The Eurocrisis and the Stability and Growth Pact

In the political discussions about the origins and causes of the current Eurozone debt crisis the rules of the Stability and Growth Pact often play a prominent role. Also yesterday, when the German Bundestag voted on the proposed Euro rescue fund, the Pact was regularly cited. Let me be clear: this discussion is misguided as the Pact has been an ineffective framework and needs to be reconstructed.

The basic premise of the Pact is that in a currency union, you need fiscal discipline so debt levels of individual countries don’t run wild and put the whole currency at risk. Let me be clear again: This is a justified aim; the problem is only that the Stability and Growth Pact seems to achieve neither stability nor growth. Why is this?

The first point is that the most important targets of the Pact – no more overall debt than 60% of GDP and no more than 3% annual deficit – have no real economic meaning. There is no consensus about when sovereign debt becomes problematic (Rogoff and Reinhart for instance believe a debt to GDP ratio of 90% is the threshold before negative consequences for growth can be expected) or whether a general rule applied to a variety of very different economies makes sense at all.

So if the targets are not based on accepted economic knowledge, how did European policy-makers decide them? The answer is simple: they are based on the Eurozone averages of 1990. Given growth and inflation assumptions at the time, it was believed that the overall debt to GDP ratio could be held constant at 60% (the 1990 average) with an annual deficit of 3%. That’s all, so there is no reason to treat these numbers as if they were part of the Ten Commandments.
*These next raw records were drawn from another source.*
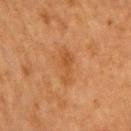imaging modality: total-body-photography crop, ~15 mm field of view
automated lesion analysis: an area of roughly 7 mm² and a symmetry-axis asymmetry near 0.35; an average lesion color of about L≈43 a*≈21 b*≈35 (CIELAB), about 6 CIELAB-L* units darker than the surrounding skin, and a normalized lesion–skin contrast near 5.5; a nevus-likeness score of about 0/100 and a detector confidence of about 100 out of 100 that the crop contains a lesion
tile lighting: cross-polarized illumination
body site: the right upper arm
lesion size: about 4.5 mm
patient: female, aged around 55
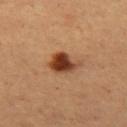Clinical impression: No biopsy was performed on this lesion — it was imaged during a full skin examination and was not determined to be concerning.
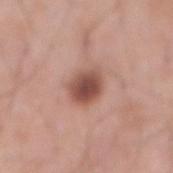workup: catalogued during a skin exam; not biopsied
automated lesion analysis: a mean CIELAB color near L≈50 a*≈23 b*≈26, about 14 CIELAB-L* units darker than the surrounding skin, and a normalized lesion–skin contrast near 10; border irregularity of about 1.5 on a 0–10 scale and radial color variation of about 1
imaging modality: ~15 mm crop, total-body skin-cancer survey
illumination: white-light
subject: male, about 70 years old
location: the front of the torso
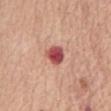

The second point is that the original Pact did not foresee special circumstances under which individual countries have good reasons to temporarily go beyond the targets. One suitable example is Germany. It is well documented that Germany missed the Stability and Growth Pact targets on several occasions. And the Pact’s inability to take into account the massive costs of German unification is in large part to blame. This problem led to a reform of the Pact’s flexibility in the mid 2000s, which is now being portrayed as a simple watering down of the targets. But this increased flexibility, which made sense, is also not the reason for the current debt problems.

During the financial crisis, many Euro countries went well beyond the 3% target and nobody seriously argued at the time that keeping the arbitrary Pact rules was more important than bailing out the financial sector and trying to maintain economic stability via stimulus spending. The lesson here was that when push came to shove and a massive crisis affecting all countries needed drastic fiscal measures, the Pact was de facto meaningless and sticking to the rules would most likely have caused a major depression.

It is also an insufficient tool in so far as it does not grasp the origins of fiscal problems. Looking at the current crisis countries, there is no doubt that Greece has been fiscally irresponsible. But the list basically ends there. If you look at Ireland and Spain for instance, you are looking at countries that before the financial crisis were comfortably within the Pact’s criteria and were seen as fiscally prudent. Here the current debt problems are not the result of a history of excessive spending but are moreover the consequence of the economic growth models these countries pursued – and whose associated fiscal risks were not reflected in the Stability and Growth Pact. The Pact did for instance not prevent Ireland from allowing its banks’ balance sheets to grow to a multiple of GDP and generate growth based on a massive housing bubble. And when Ireland was forced to take over large chunks of these balance sheets its budget deficit soared to more than 30% in 2010, i.e. more than ten times the Pact’s allowance.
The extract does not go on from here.